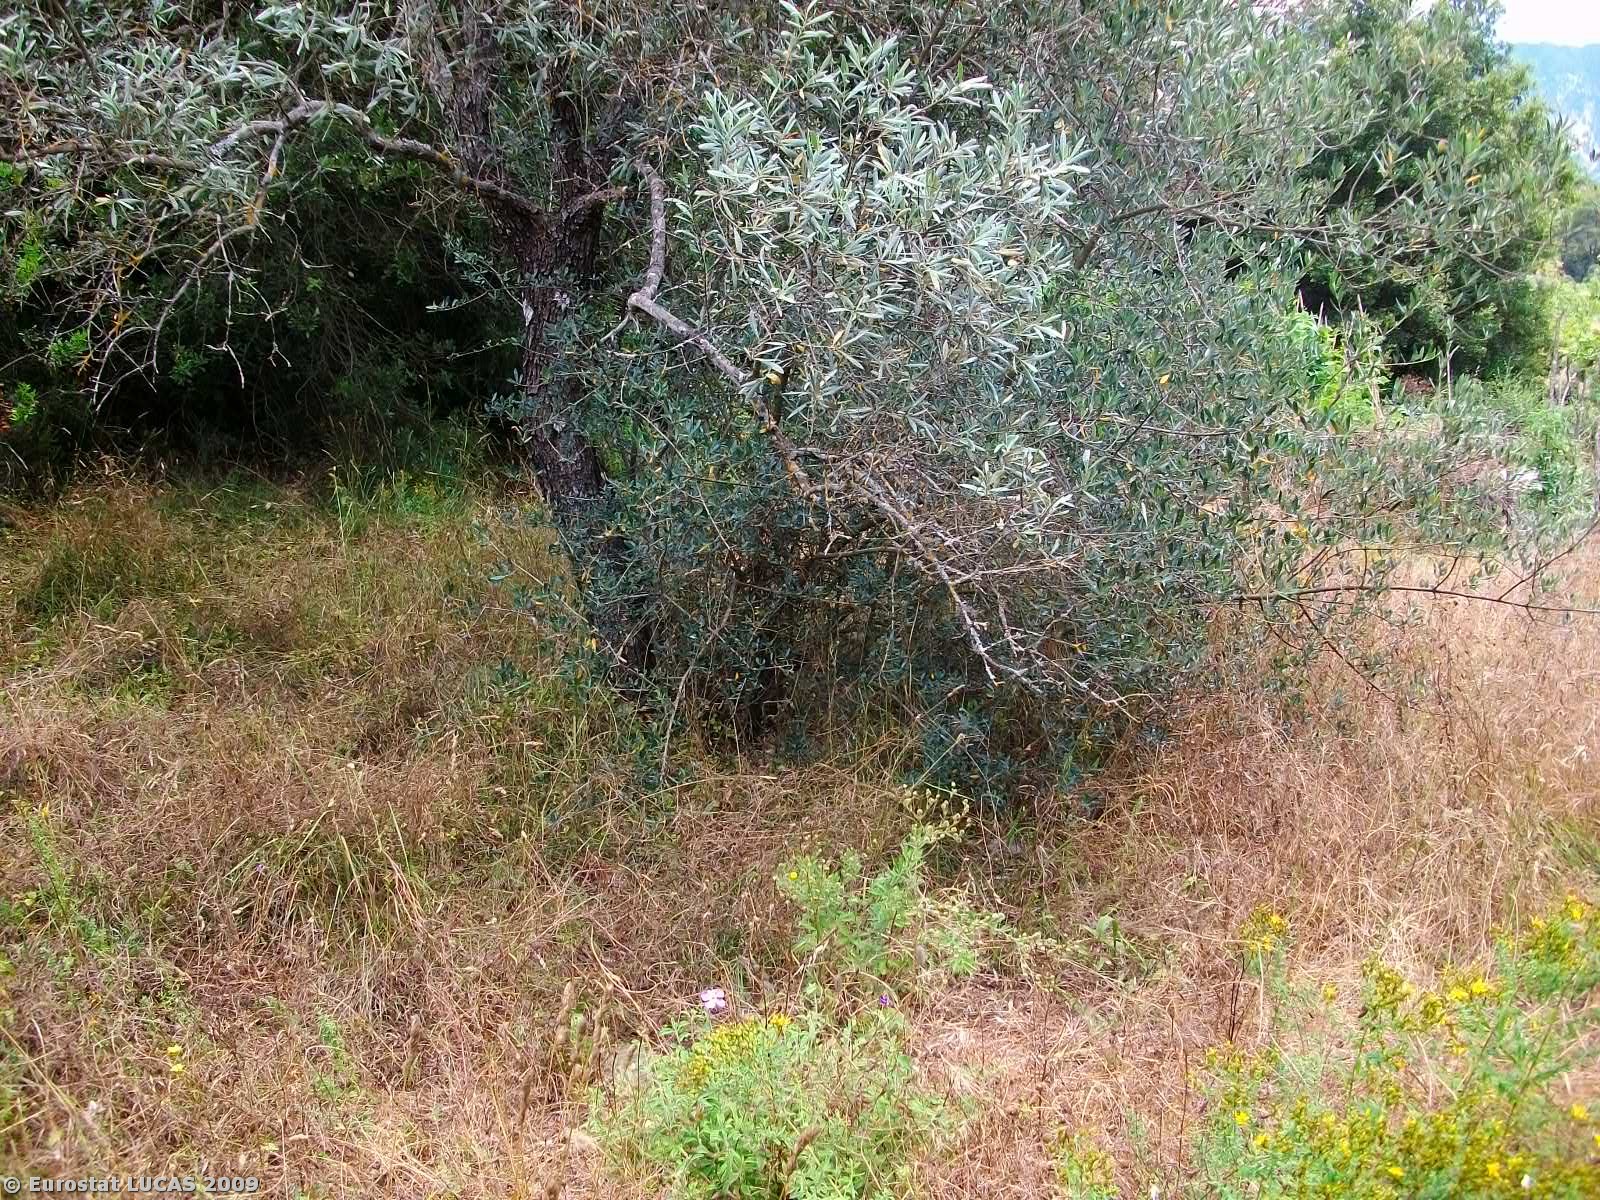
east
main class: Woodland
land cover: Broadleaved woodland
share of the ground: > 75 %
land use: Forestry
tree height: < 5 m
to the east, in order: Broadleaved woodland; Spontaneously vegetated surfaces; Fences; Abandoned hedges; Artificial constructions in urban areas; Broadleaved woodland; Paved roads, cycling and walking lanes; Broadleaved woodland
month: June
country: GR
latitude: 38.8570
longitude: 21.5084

□ □ □ □ □

## Goal of the exercise:
Look above for the line that contains "land cover: Broadleaved woodland". That line and every line after it through the end of the data must be written out exactly, with nothing else.

## Written response:
land cover: Broadleaved woodland
share of the ground: > 75 %
land use: Forestry
tree height: < 5 m
to the east, in order: Broadleaved woodland; Spontaneously vegetated surfaces; Fences; Abandoned hedges; Artificial constructions in urban areas; Broadleaved woodland; Paved roads, cycling and walking lanes; Broadleaved woodland
month: June
country: GR
latitude: 38.8570
longitude: 21.5084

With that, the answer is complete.